• [DATA EXTRACTS]
════════

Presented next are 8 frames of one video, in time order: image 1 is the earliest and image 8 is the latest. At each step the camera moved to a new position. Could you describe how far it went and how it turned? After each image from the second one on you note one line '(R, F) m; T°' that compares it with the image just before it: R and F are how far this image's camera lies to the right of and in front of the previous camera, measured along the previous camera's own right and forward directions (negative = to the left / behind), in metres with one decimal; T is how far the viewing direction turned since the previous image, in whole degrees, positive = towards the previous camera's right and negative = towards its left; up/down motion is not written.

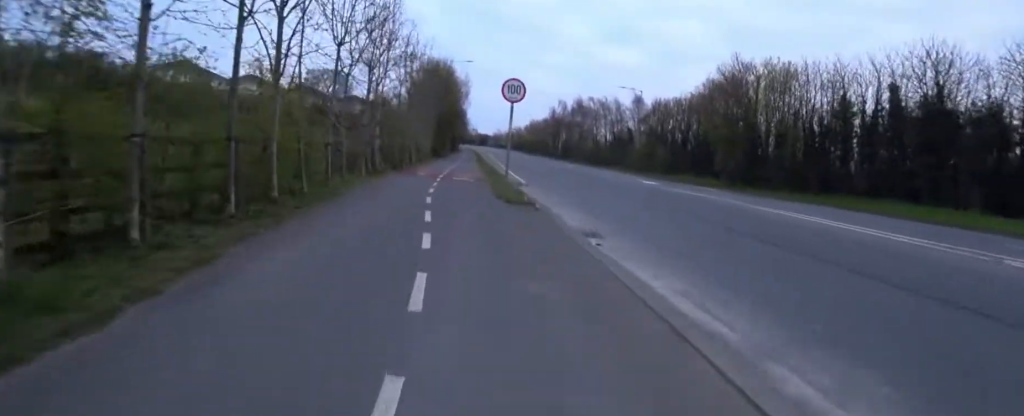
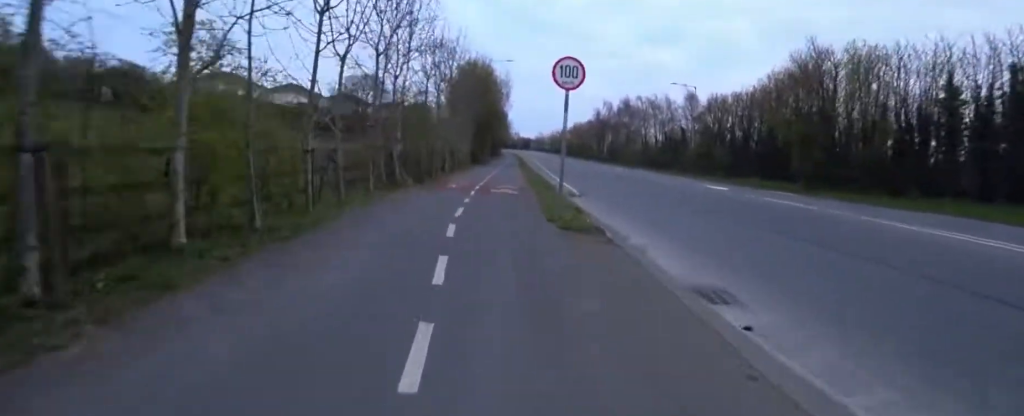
(0.0, +2.8) m; 0°
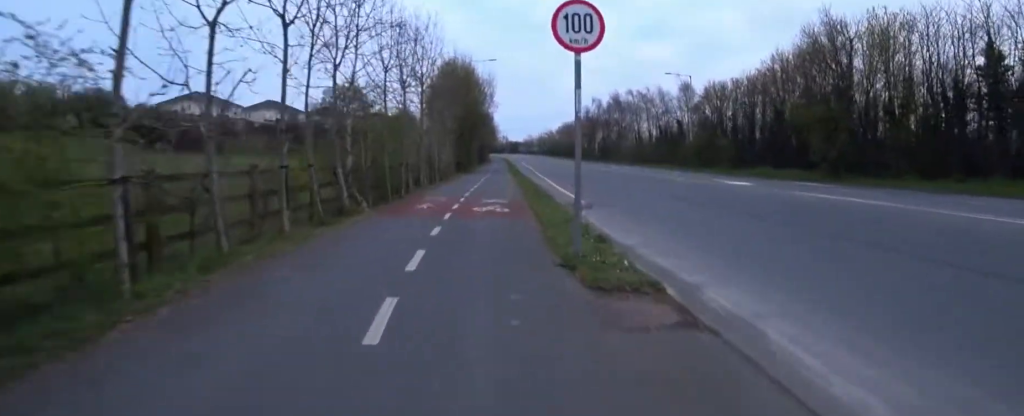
(0.0, +3.0) m; -1°
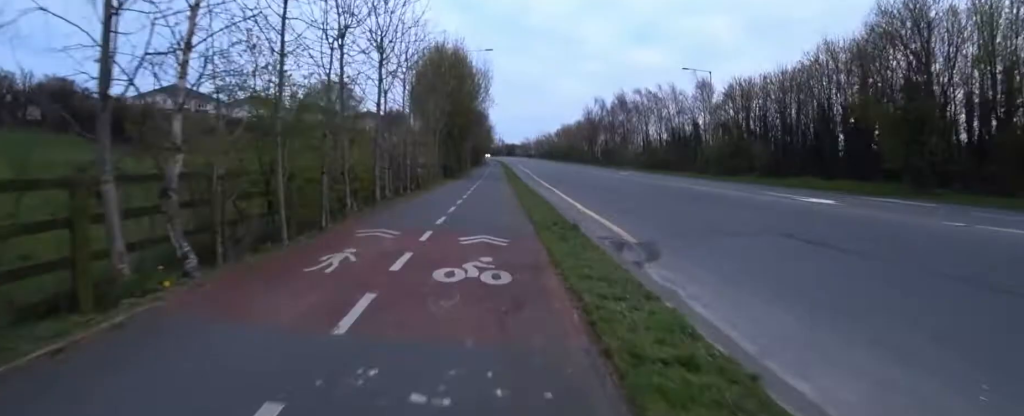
(-0.1, +5.2) m; -5°
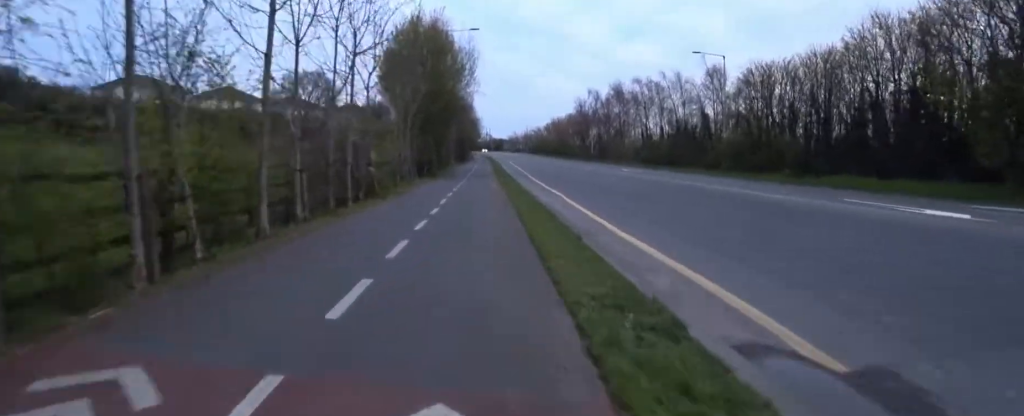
(-0.4, +4.8) m; 0°
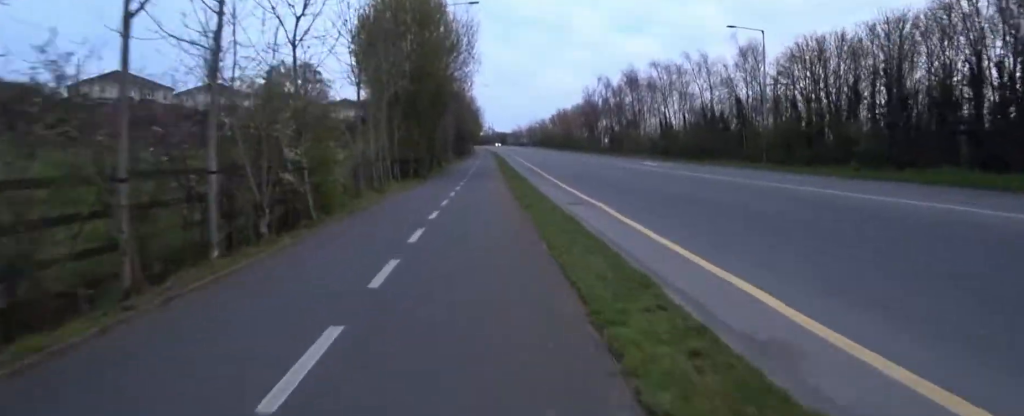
(+0.3, +5.0) m; 0°
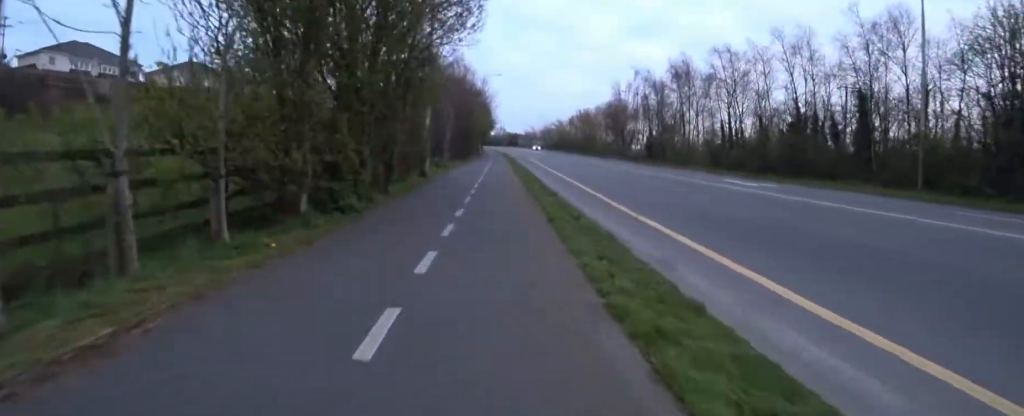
(-0.7, +11.3) m; -1°
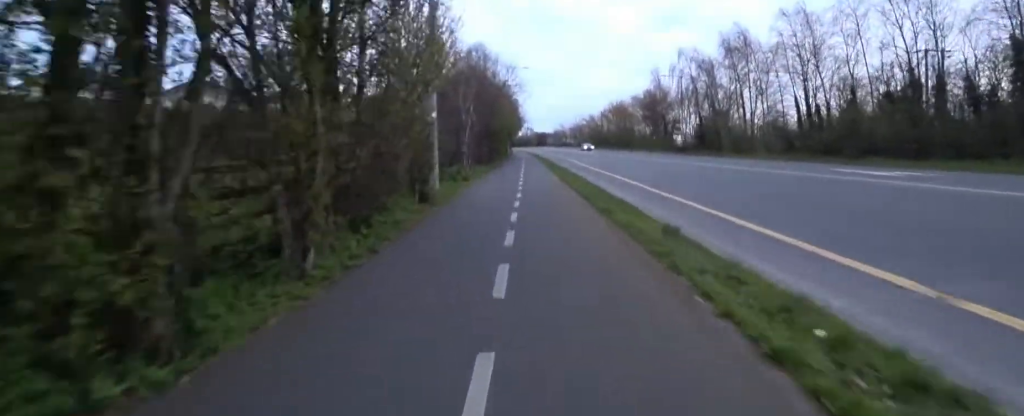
(+0.4, +6.0) m; +1°
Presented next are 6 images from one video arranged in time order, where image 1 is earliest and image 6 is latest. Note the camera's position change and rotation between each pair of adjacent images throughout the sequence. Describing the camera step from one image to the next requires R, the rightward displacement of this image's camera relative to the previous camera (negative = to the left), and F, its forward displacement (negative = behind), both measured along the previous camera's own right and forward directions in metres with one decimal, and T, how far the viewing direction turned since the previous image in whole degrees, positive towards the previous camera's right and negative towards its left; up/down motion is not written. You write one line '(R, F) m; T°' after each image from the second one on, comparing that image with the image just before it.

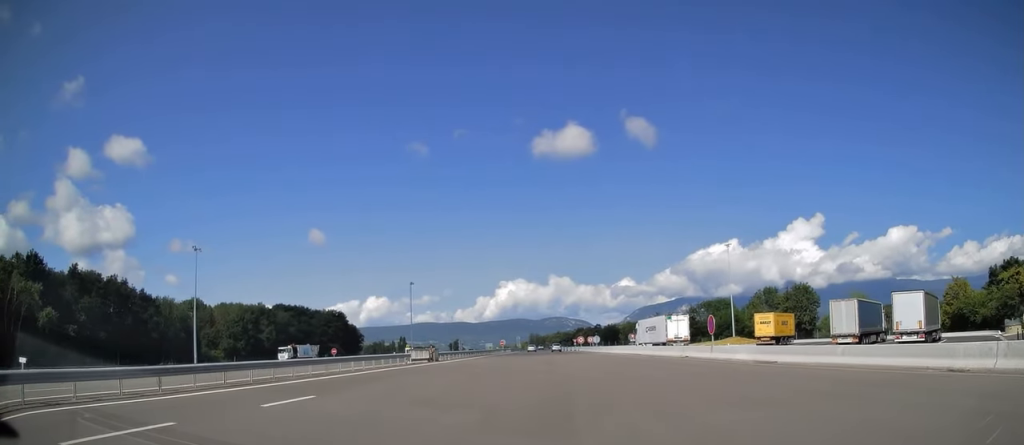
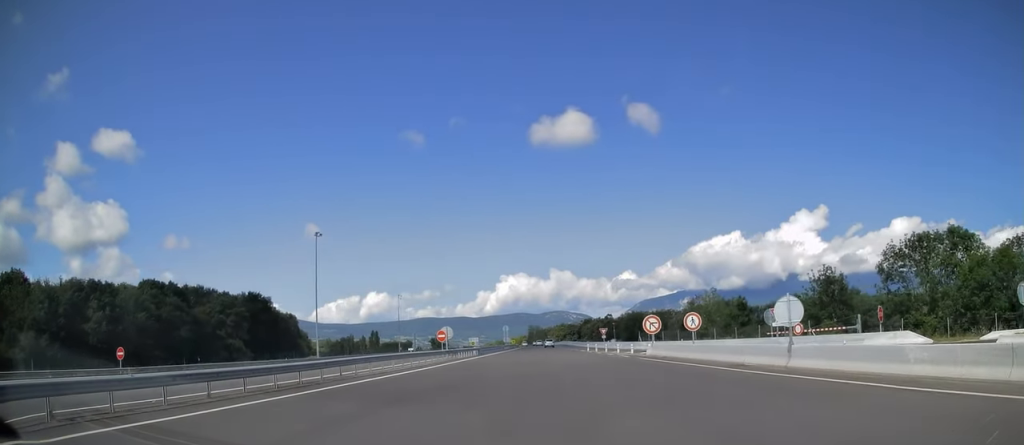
(-1.2, +75.0) m; -1°
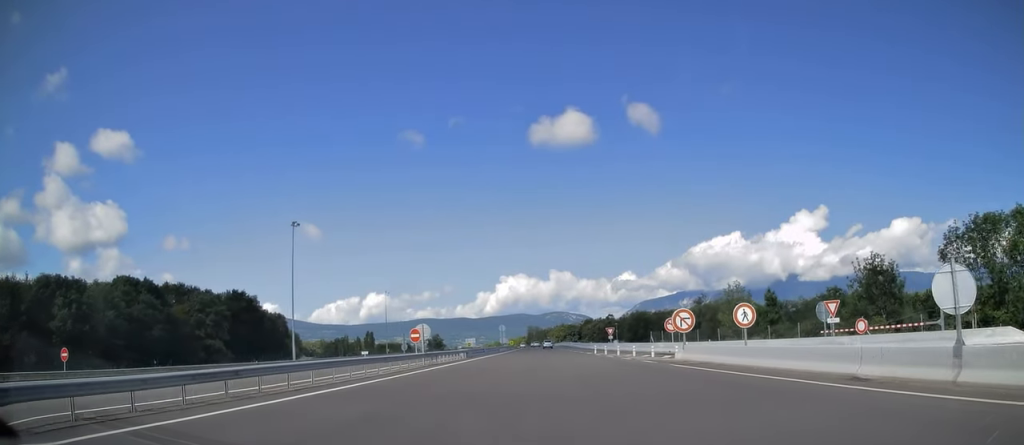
(0.0, +9.6) m; 0°
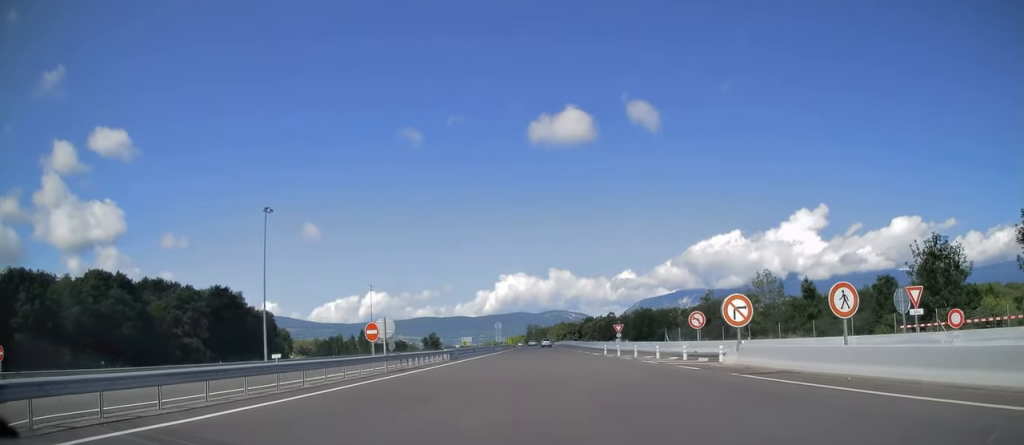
(0.0, +9.4) m; +1°
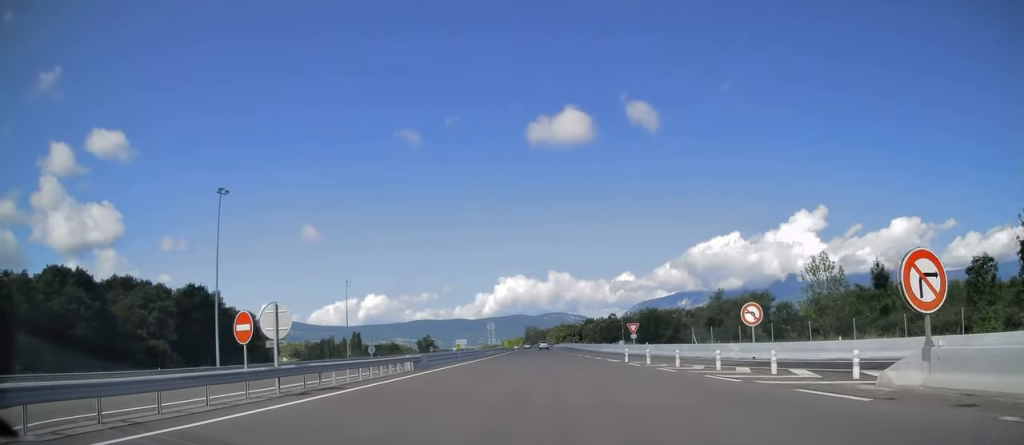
(-0.1, +12.4) m; +1°
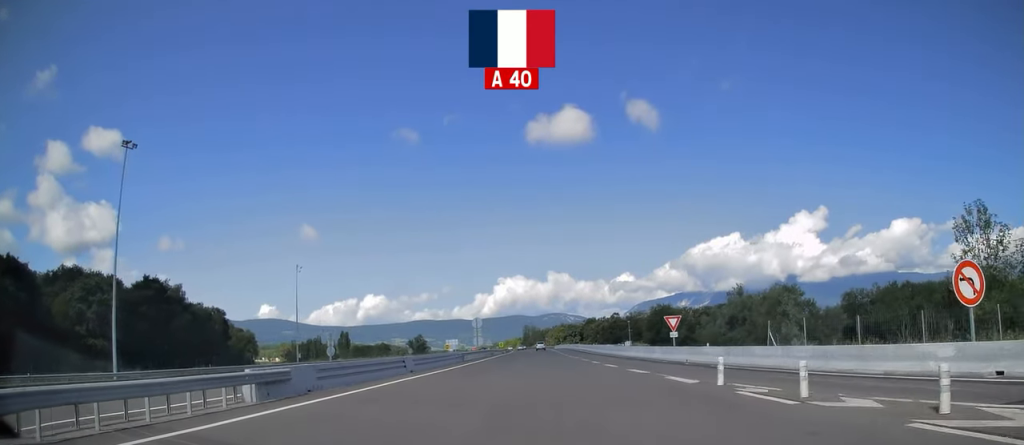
(+0.5, +18.6) m; 0°

════════

• [WHAT YOU WILL DO] Output all of the data exactly. Skip the pictures.

• [ANSWER SECTION]
Presented next are 8 frames of one video, in time order: image 1 is the earliest and image 8 is the latest. At each step the camera moved to a new position. Could you describe how far it went and how it turned? After each image from the second one on you note one line '(R, F) m; T°' that compares it with the image just before it: R and F are how far this image's camera lies to the right of and in front of the previous camera, measured along the previous camera's own right and forward directions (negative = to the left / behind), in metres with one decimal; T is how far the viewing direction turned since the previous image, in whole degrees, positive = towards the previous camera's right and negative = towards its left; up/down motion is not written.

(0.0, +2.8) m; 0°
(0.0, +3.0) m; -1°
(-0.1, +5.2) m; -5°
(-0.4, +4.8) m; 0°
(+0.3, +5.0) m; 0°
(-0.7, +11.3) m; -1°
(+0.4, +6.0) m; +1°
Presented next are 6 images from one video arranged in time order, where image 1 is earliest and image 6 is latest. Note the camera's position change and rotation between each pair of adjacent images throughout the sequence. Describing the camera step from one image to the next requires R, the rightward displacement of this image's camera relative to the previous camera (negative = to the left), and F, its forward displacement (negative = behind), both measured along the previous camera's own right and forward directions in metres with one decimal, and T, how far the viewing direction turned since the previous image in whole degrees, positive towards the previous camera's right and negative towards its left; up/down motion is not written. You write one line '(R, F) m; T°' after each image from the second one on, comparing that image with the image just before it.

(-1.2, +75.0) m; -1°
(0.0, +9.6) m; 0°
(0.0, +9.4) m; +1°
(-0.1, +12.4) m; +1°
(+0.5, +18.6) m; 0°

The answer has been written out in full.